Snehashish Chakraverty

Snehashish Chakraverty has thirty-one years of experience as a researcher and teacher. Presently, he is working in the Department of Mathematics (Applied Mathematics Group), National Institute of Technology Rourkela, Odisha, as a senior (Higher Administrative Grade) professor. Dr Chakraverty received his PhD in Mathematics from IIT-Roorkee in 1993. Thereafter, he did his post-doctoral research at the Institute of Sound and Vibration Research (ISVR), University of Southampton, UK, and at the Faculty of Engineering and Computer Science, Concordia University, Canada. He was also a visiting professor at Concordia and McGill Universities, Canada, during 1997–1999 and visiting professor at the University of Johannesburg, Johannesburg, South Africa, during 2011–2014. He has authored/co-authored/edited 33 books, published 482 research papers (till date) in journals and conferences. He was the president of the section of mathematical sciences of Indian Science Congress (2015–2016) and was the vice president of Orissa Mathematical Society (2011–2013). Prof. Chakraverty is a recipient of prestigious awards, viz. “Careers360 2nd Faculty Research Award” for the Most Outstanding Researcher in the country in the field of Mathematics, Indian National Science Academy (INSA) nomination under International Collaboration/Bilateral Exchange Program (with the Czech Republic), Platinum Jubilee ISCA Lecture Award (2014), CSIR Young Scientist Award (1997), BOYSCAST Fellow. (DST), UCOST Young Scientist Award (2007, 2008), Golden Jubilee Director’s (CBRI) Award (2001), INSA International Bilateral Exchange Award (2015), Roorkee University Gold Medals (1987, 1988) for first positions in MSc and MPhil (Computer Application). He is in the list of 2% world scientists (2020 to 2024) in the Artificial Intelligence and Image Processing category based on an independent study done by Stanford University scientists.

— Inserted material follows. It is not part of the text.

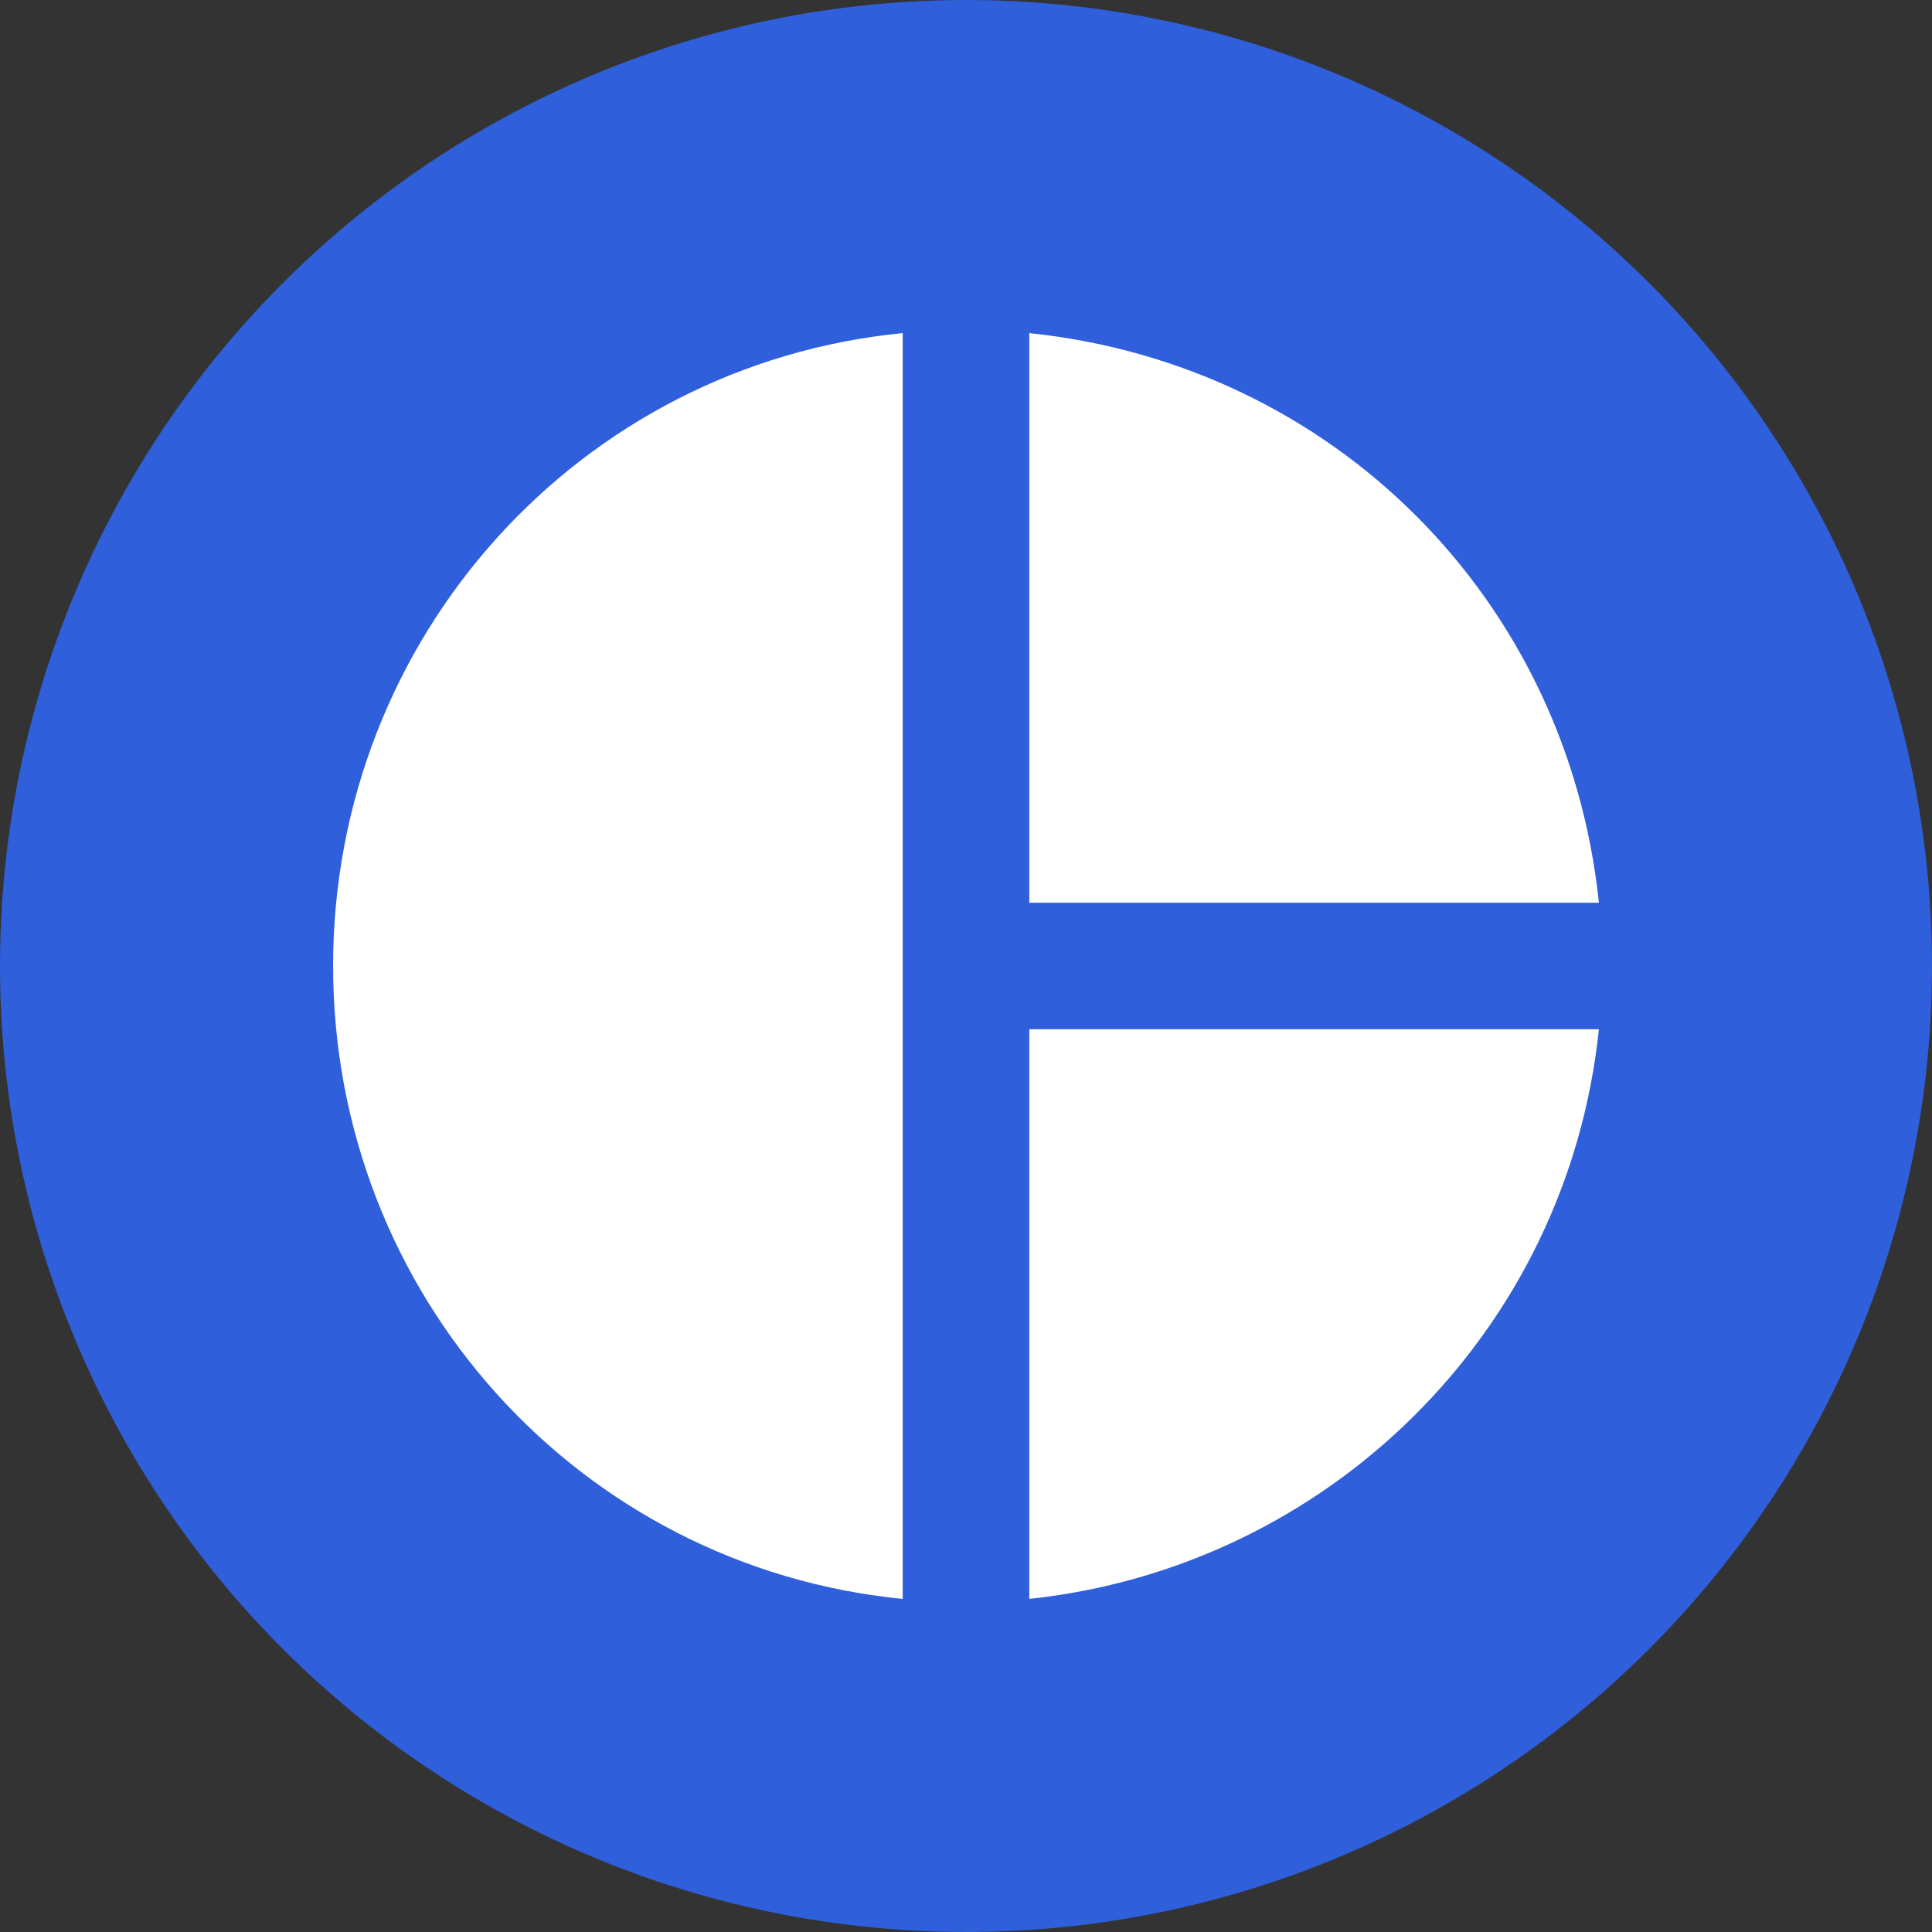 <svg width="29" height="29" viewBox="0 0 29 29" fill="none" xmlns="http://www.w3.org/2000/svg">
<rect x="0" y="0" width="29" height="29" fill="#333333" stroke="none"/>
<circle cx="14.5" cy="14.5" r="14.5" fill="#2F5FDB"/>
<path d="M13.55 5V24C8.705 23.525 5 19.44 5 14.5C5 9.56 8.705 5.475 13.55 5ZM15.45 5V13.55H24C23.525 8.99 20.01 5.475 15.45 5ZM15.45 15.45V24C19.915 23.525 23.525 20.01 24 15.45H15.45Z" fill="white"/>
</svg>

Affiliations and expertise

HAG Professor, Department of Mathematics, Applied Mathematics Group, National Institute of Technology Rourkela, Rourkela, Odisha, India. Differential Equations (ordinary, partial, and fractional), Numerical Analysis, Computational Methods, Structural Dynamics (FGM, Nano), Fluid Dynamics, Mathematical and Uncertainty Modelling, Soft Computing and Machine Intelligence (Artificial Neural Network, Fuzzy, Interval, and Affine Computations).

Rajarama Mohan Jena

Rajarama Mohan Jena is Senior Research Fellow in the Department of Mathematics (Applied Mathematics Group) at the National Institute of Technology Rourkela, Odisha, India. He has an M.Sc. in Applied Mathematics and Computing from the Indian Institute of Technology, Dhanbad, India. Rajarama’s area of research interest includes Fractional Calculus, Partial Differential Equations, Numerical Analysis, Mathematical Modelling, and Uncertainty Modelling, and he has been assisting Dr. Chakraverty in various research projects relating to this book.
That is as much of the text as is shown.